This is technically correct, if you consider that "the majority of people living in the USSR" means Russians.

Who had absolutely no right of input into whether Ukraine or Belarus should remain part of the USSR. https://twitter.com/historic_ly/status/1296520443055280129
in case you were curious these were the results of a referendum less than a month before on whether ukraine should remain part of the ussr :)
(the numbers represent the percent of voters voting yes to independence)
Anyway, you'd actually be right that technically speaking Belarusians specifically were never asked if they want the end of the Soviet Union. But 1) that wasn't Šuškevič's fault, 2) they technically had the right, and 3) at this point all republics were states in all but name.
1) Yeltsin had already made a strict decision that Russia would not remain in a USSR with just Belarus and Central Asia. Belarus was becoming independent by default because Russia had chosen to become independent. Sometimes the colonial centre chooses to kick the colony out.

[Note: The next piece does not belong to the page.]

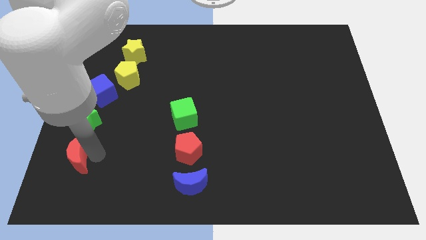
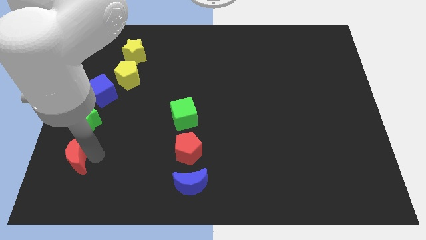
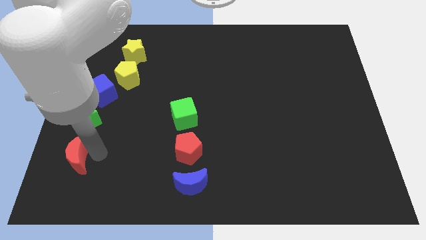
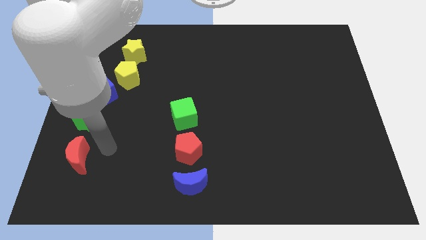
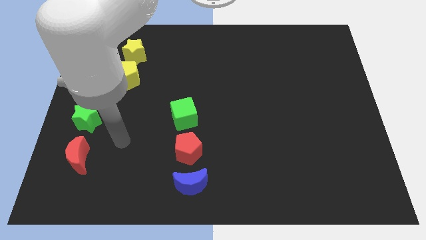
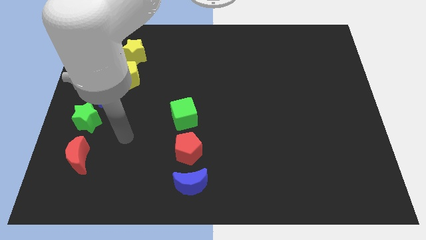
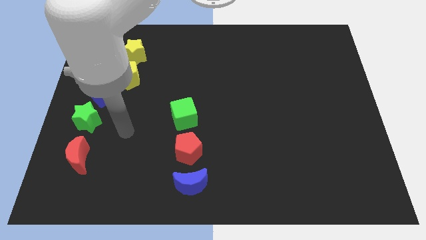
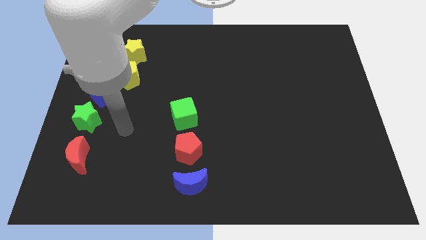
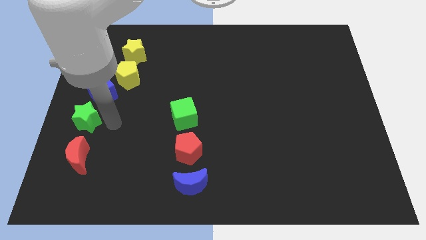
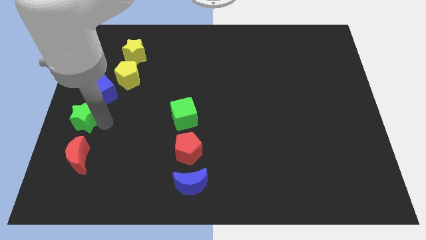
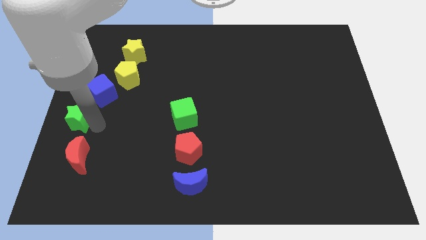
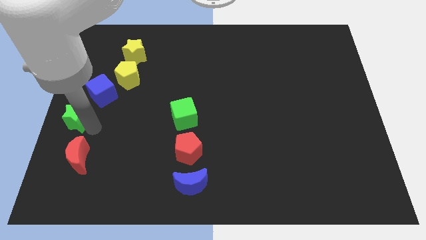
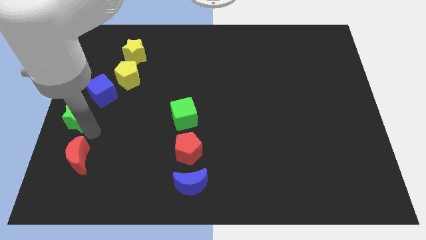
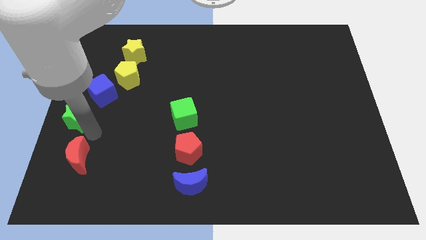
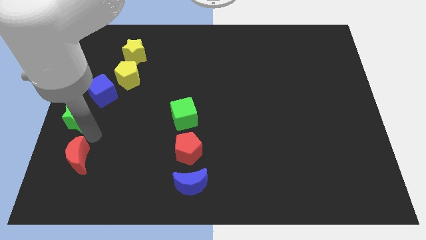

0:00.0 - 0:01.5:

2) The Treaty on the Creation of the Soviet Union was signed by Soviet Russia, Soviet Belarus, Soviet Ukraine and Soviet Transcaucasia. The last one's successor republics had already declared independence. So legally, the three parties that had formed the USSR could dissolve it.
That's how treaties work. They had the power to do this because they (3) had already over the last couple of years successively one after another declared sovereignty, aka the primacy of local law over Soviet law. This last step only formalised that sovereignty in practice.
If you find offensive the dissolution of the USSR because there was never a union-wide referendum on dissolving the Treaty on the Creation of the USSR - you also have to object to its having been a thing in the first place, because there was no popular input into that, either.